Some Council members suggested sensitivity training for these individuals would be helpful, along with sending out brochures in Spanish that explain Princeton's housing code. Another suggestion was to speak to the Spanish-speaking community as a group about housing laws.

Councilman David Goldfarb suggested encouraging neighbors that live next door to these overcrowded residences to testify in court. However, Mayor Marvin Reed disagreed, saying that most residents would be unwilling to testify.

The mayor did say, however, that when phone calls are made, they are the most fast-acting way to get the police to respond. He said he once received a call from a restaurant complaining about the number of bikes chained up on the street, in the way of parking meters. The call enabled the Borough to investigate the bike owners and the surrounding area.

"You've got to encourage people to make those kinds of complaints, and then we can follow up on them," said Mayor Reed.

Ms. Trotman said she has made numerous complaints to officials about the trash on Witherspoon Street on Sundays when she is walking to church. However, she said her complaints have not made a difference in the long term.

In addition, the mayor cited Hodge Road, Cleveland Lane and Witherspoon Street as areas where they have found people operating illegal catering businesses out of their homes. "These need to be subject to some system of inspection," he said.

Identifying Violators

Housing violations are difficult to detect, unless visible extra mattresses and refrigerators are dispersed throughout the home, said Mr. Drake. Housing inspections every two years allow for the fire official to check all residences for any evidence of overcrowding, however it is more difficult to catch these landlords at other points in time. Neighbors may call with their suspicions. But, unless they actually see an abundance of people going into the homes and staying there overnight, it is difficult to investigate, said Mr. Drake.

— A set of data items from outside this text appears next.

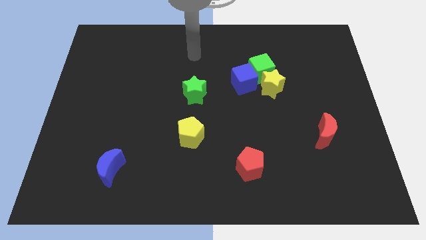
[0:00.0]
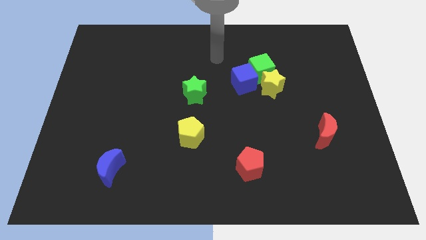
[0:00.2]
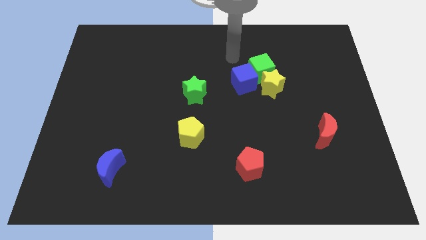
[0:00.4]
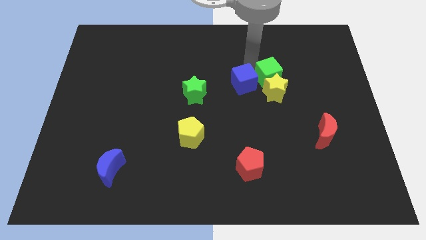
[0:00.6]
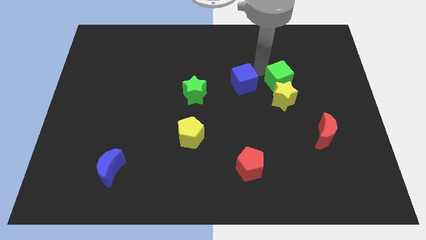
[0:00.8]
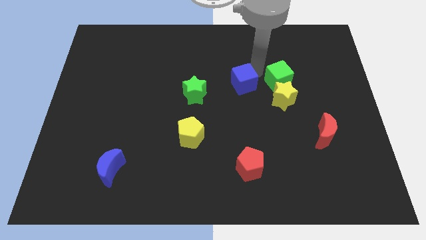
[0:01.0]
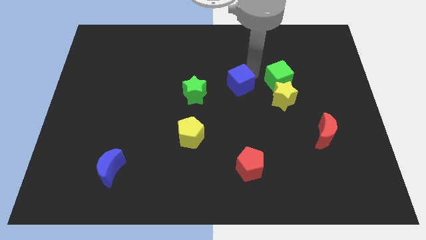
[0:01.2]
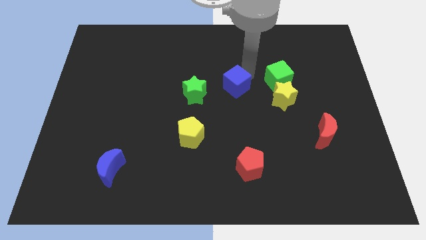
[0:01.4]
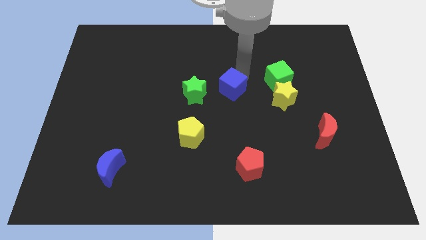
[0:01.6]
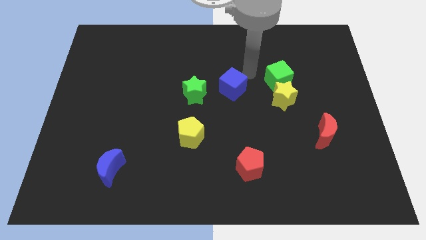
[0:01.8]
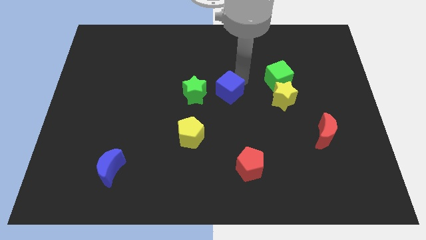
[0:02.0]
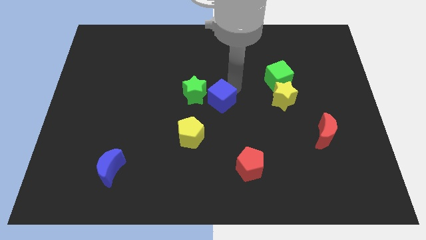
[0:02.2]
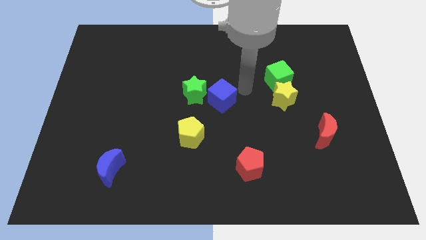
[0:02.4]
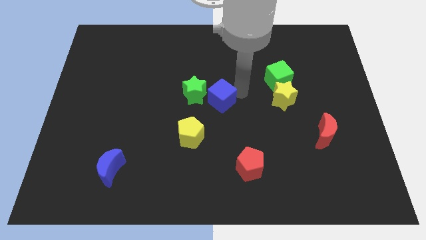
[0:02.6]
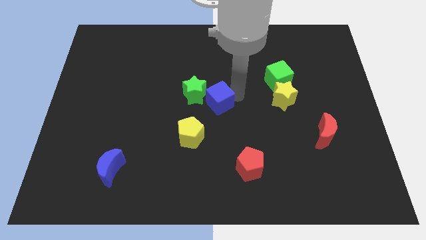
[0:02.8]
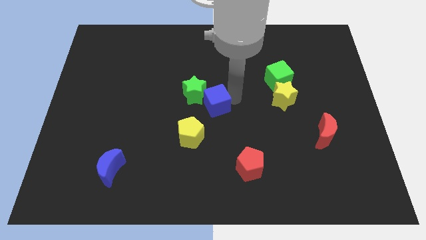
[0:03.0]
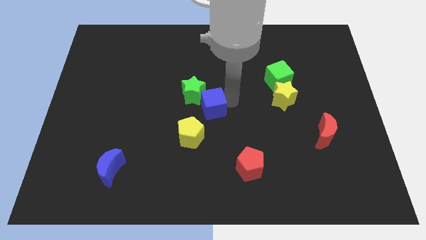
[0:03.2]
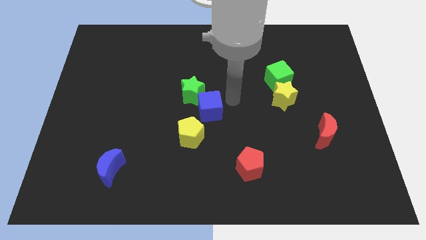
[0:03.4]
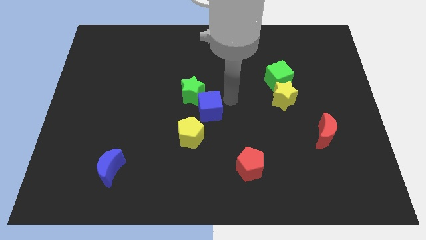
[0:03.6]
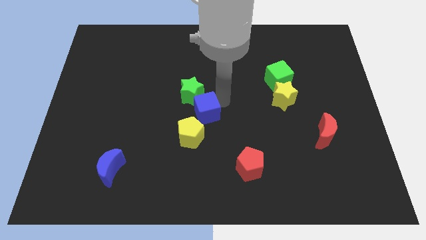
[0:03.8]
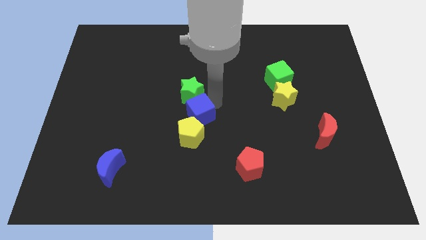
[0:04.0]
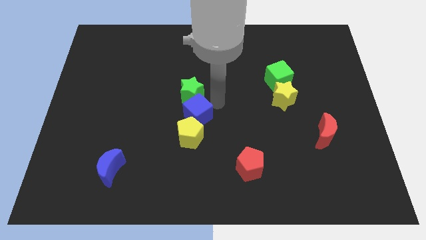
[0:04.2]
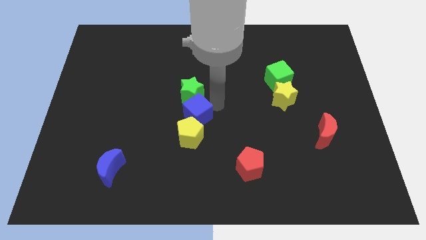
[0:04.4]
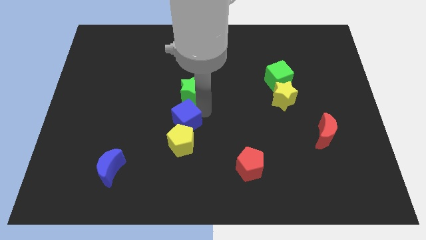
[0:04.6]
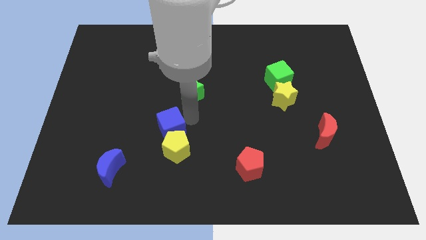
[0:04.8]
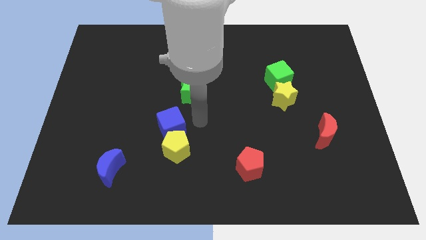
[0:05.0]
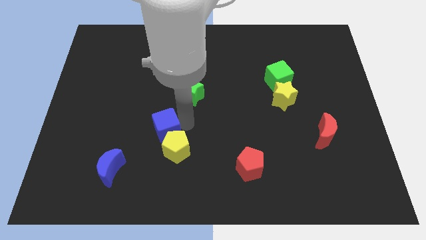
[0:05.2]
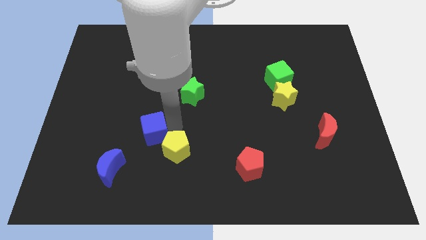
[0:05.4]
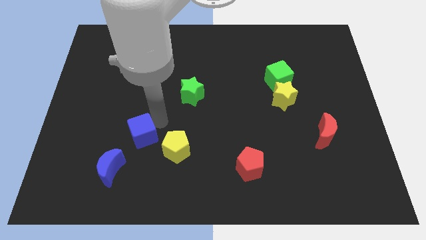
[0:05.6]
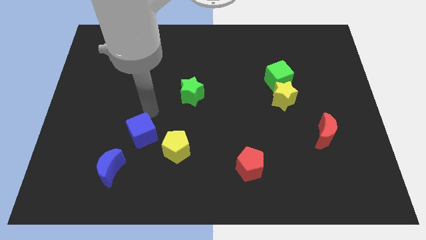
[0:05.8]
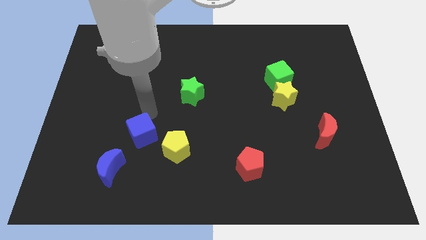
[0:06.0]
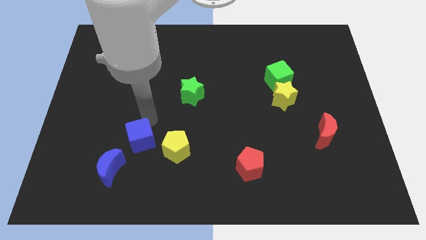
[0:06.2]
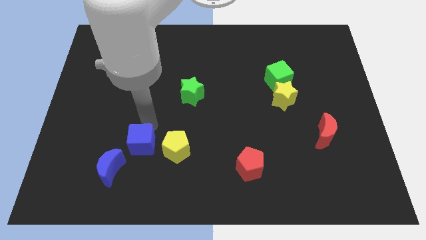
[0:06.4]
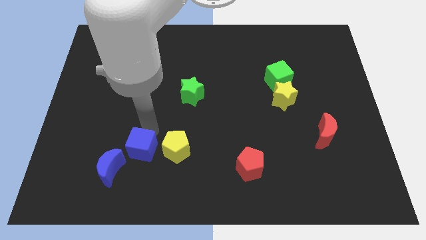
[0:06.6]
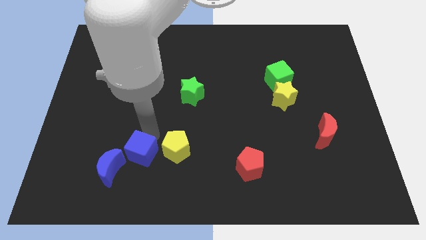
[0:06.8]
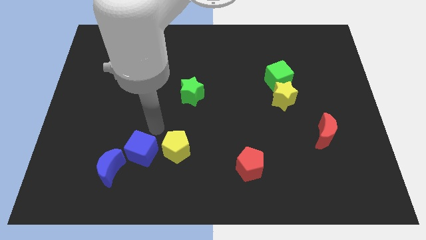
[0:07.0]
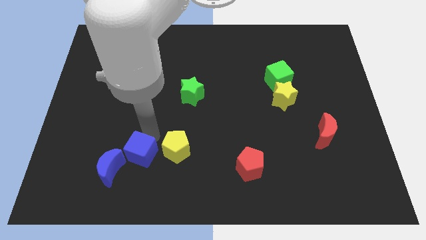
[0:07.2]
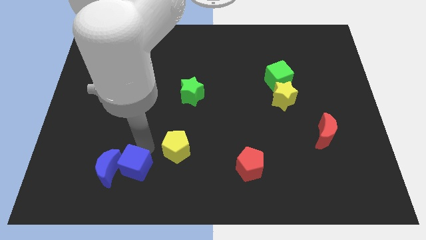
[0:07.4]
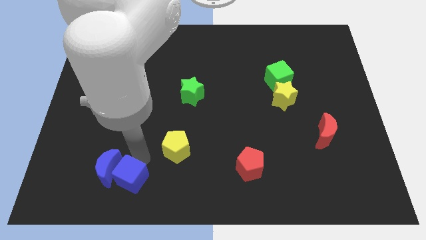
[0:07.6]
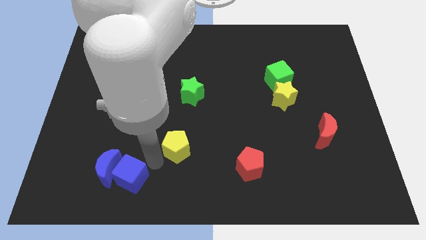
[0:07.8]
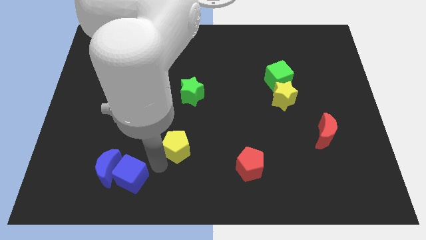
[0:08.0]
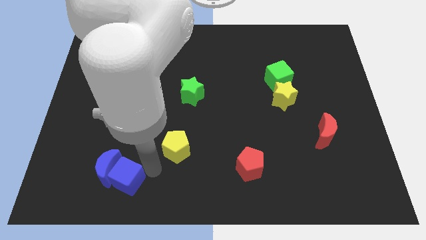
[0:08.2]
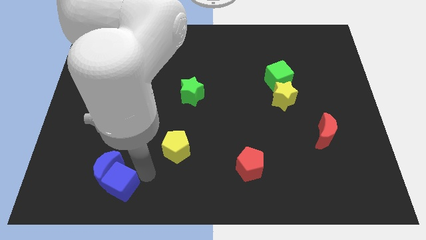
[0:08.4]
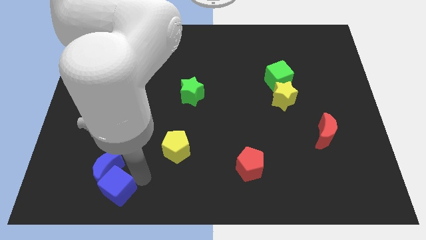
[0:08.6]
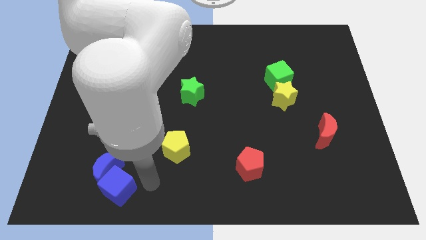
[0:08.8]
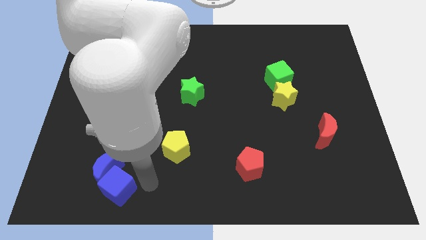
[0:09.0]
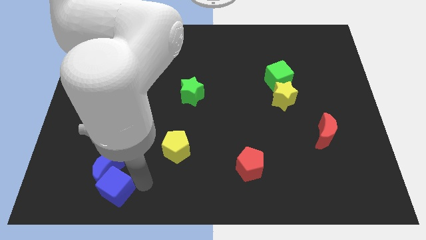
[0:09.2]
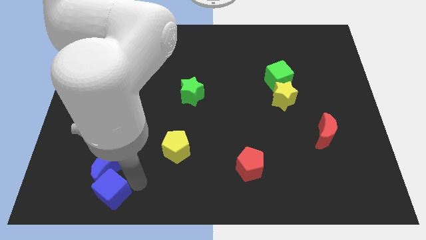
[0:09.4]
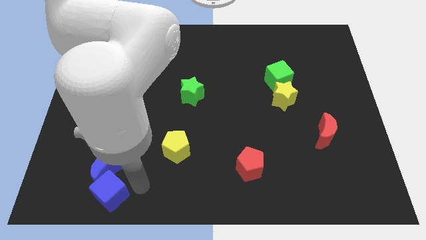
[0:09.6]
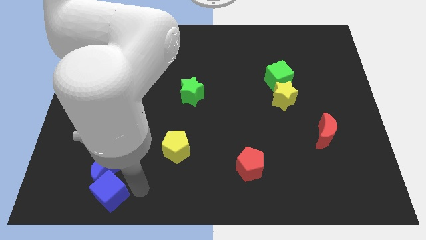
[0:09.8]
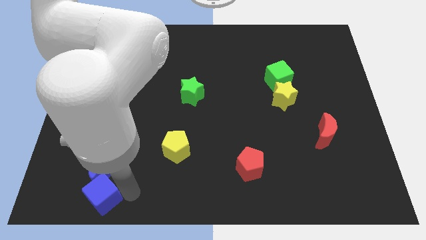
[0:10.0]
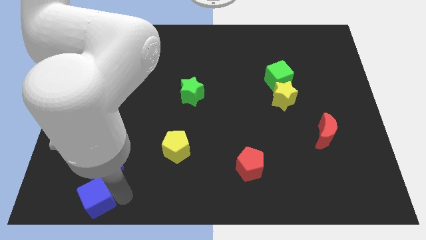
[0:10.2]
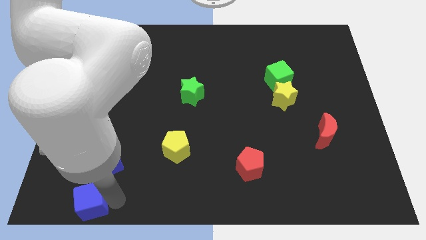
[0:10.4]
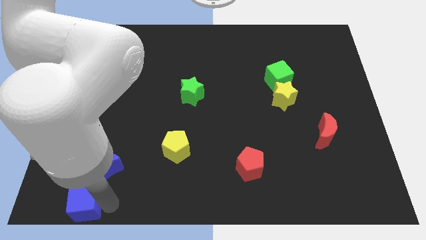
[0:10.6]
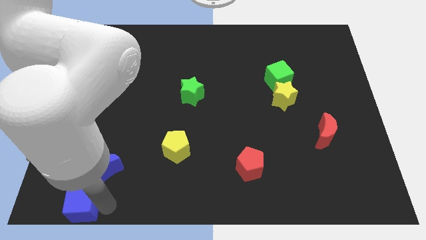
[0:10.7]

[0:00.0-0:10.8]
put the blue cube to the lower left corner

He added that if a police officer enters a home for another legal reason and notices overcrowding, legal action may be taken right away. A few cases have been taken to court, but most were plea-bargained.

Mr. Goldfarb was insistent on finding a quick and speedy solution to overcrowding. "We have people living here in conditions we are not willing to sanction," he said. "We have to restore the system that people have every right to expect we will restore."

Councilman Joe O'Neill said that the problem lies within Princeton as much as it lies in the landlords. "The Borough of Princeton has more potential for minimum wage jobs than any other towns in the area," he said.

Mr. Drake noted that some units have come off the market this past year, including 52 Witherspoon Street, which was one of the more well known cases

in town.

Finding a Solution

Several solutions were suggested by Council members, including forcing all Borough residents to register their bicycles. Councilwoman Peggy Karcher said that perhaps if all bikes were registered, then the Borough could pinpoint where people were living. Mr. Drake refuted the idea, saying that many fear the police and would rather lose their bike than register it.

Councilwoman Wendy Benchley suggested finding these individuals low-cost housing along transit routes in other areas of New Jersey. "It's a lot of people to displace in one fell swoop," she said.

Eric and Minnie Craig, long-time residents on Witherspoon Street, came to the meeting to help fight for the neighbors who have dealt with overcrowding for years. "We see it, we live right in the middle of it," said Mrs. Craig. "We have to go after the landlords."

Mayor Reed suggested cracking down on the known residences with overcrowding problems. "We may not be successful ... but that's how you find the gaps," he said. He said that even if the prosecutions are unsuccessful, the Council will gradually learn the best way to handle the situation in court.

According to Mr. Drake, the Borough is already ahead of other municipalities in enforcing housing laws. He said that other municipalities have asked to view Princeton Borough's ordinances to get a better idea of how to combat the problem. "Princeton Borough is at the head of the curve," he said. "It is not an issue we are alone on by far."